More efficient versions of gcd and lcm, added isCoprime hander.

Updated post #1

Added division algorithm, as used in number therory for expressing numbers as linear combinations of the quotient and divisor, and the rest, which is defined as a positive quantity, and not as implemented by Applescripts modulus operator.

Updated post #1.

Added divides handler, and modulus handler. Bugfix div_alg.

Nice to have you back McUser :cool:

Thanks DJ, I have been quitting smoking, hahaha, I haven’t done what I used to do while I smoked, but now a half year has passed so. . .

I had to rework the div_alg some more, to make it return the correct sign of the rest in all cases, now it should return both the correct value, and the correct sign, which should be positive in all cases. I have also corrected the usage of divisor and dividend . . divisor is what partitions a number, and the dividend is the number that is partitioned.

Added handlers to the script in post #1

relprime handler, which tests if all the positive integers in a list are relatively prime (gdc(int1,int2)=1 ), expansionToBase2, expansionFromBase2, which conversts from base10 to base16,base2 and base 8. Base2 are used as an intermediary base for all conversions.

Added xgcd Extended euclid for solving linear congruences, it is a really brilliant handler, that expresses the relationship between the gcd between two coprimes as a linear combination: 1 = sa + tb, it is great to have when doing modular arithmetic! :slight_smile:

Hello.

I have added some handlers to the script in post #1: first modular_expansion, which I had forgotten to post, then ceil, floor, log2 and ln2. The latter should all be fast, if not as fast as possible. You’ll need Satimage.Osax for the ln2 handler. I see clearly that I should split this collection into a “prime” library, and add the rest to an “integer/number” library. :slight_smile:

Hello.

I added an lnB(base, aNumber) handler, that returns the logarithm of a number with respect to the given base, as a real.

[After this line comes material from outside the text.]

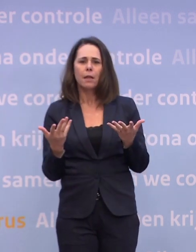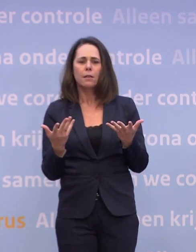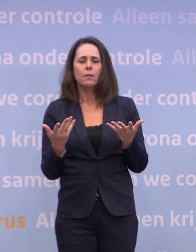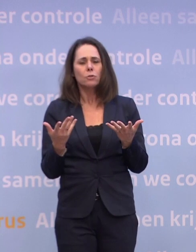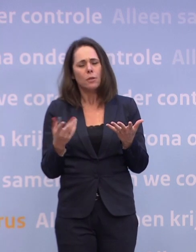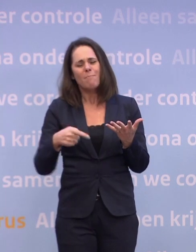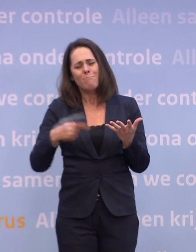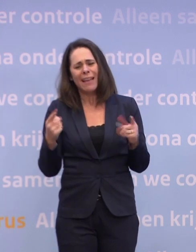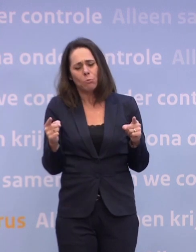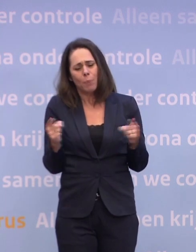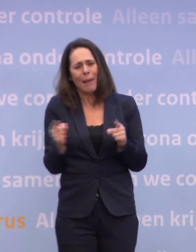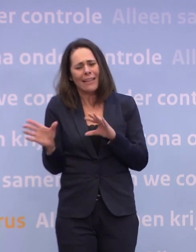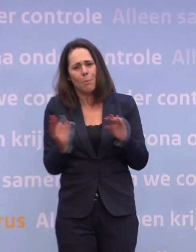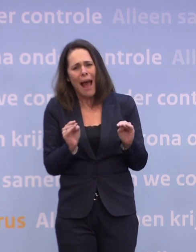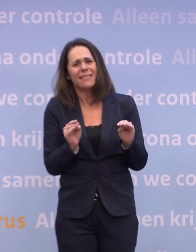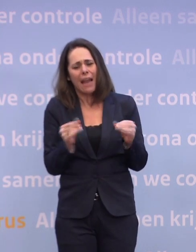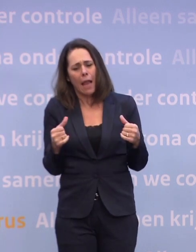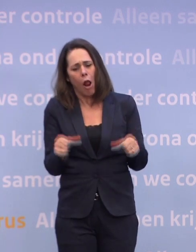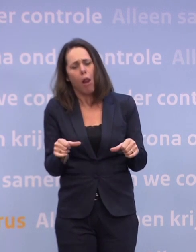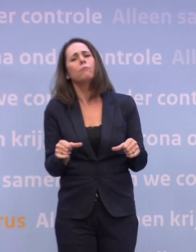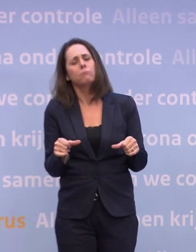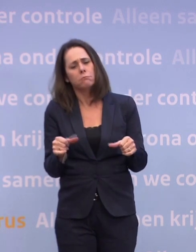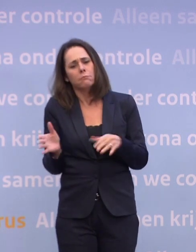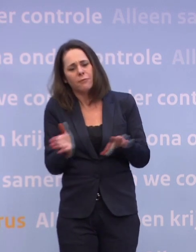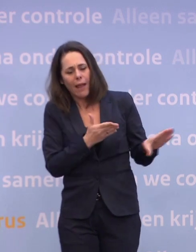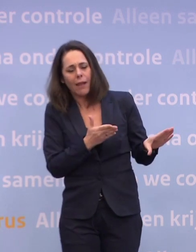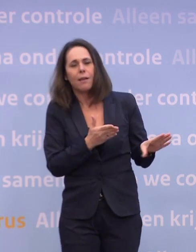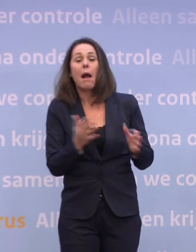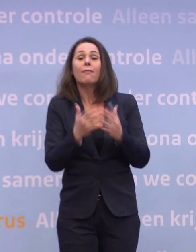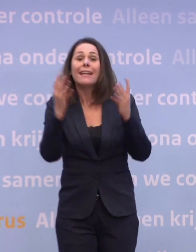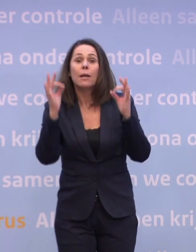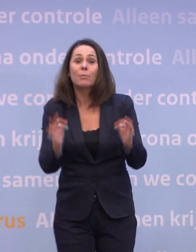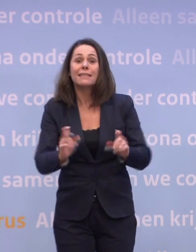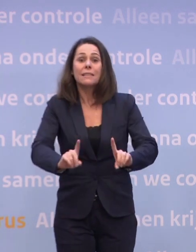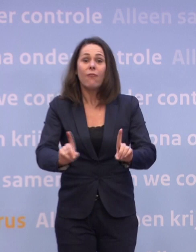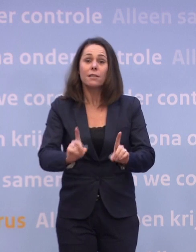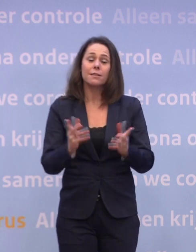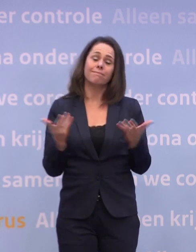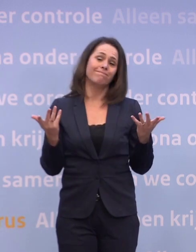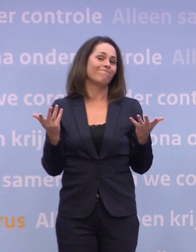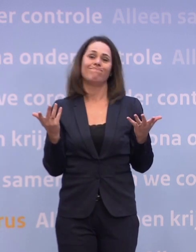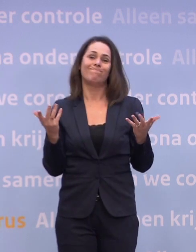Dus daar is echt perspectief, in dat eerste halfjaar. En wanneer exact wat, ja, dat is op dit moment heel erg moeilijk te voorspellen.

I use the naming standard that handlers that returns logarithms as ints, are prefixed with log, and those that returns floats are prefixed with ln.

Hello.

I have added handlers for the binomial coeffecient, the number of r-permutations, and the factorial handler.


log c(4, 3)
# 4
log p(4,3)
# 24
log factorial(4)
# 24

Hello.

I added treatment of the case that the number of elements in a combination was zero, thereby removing a bug.

I’m sorry for any inconvenience.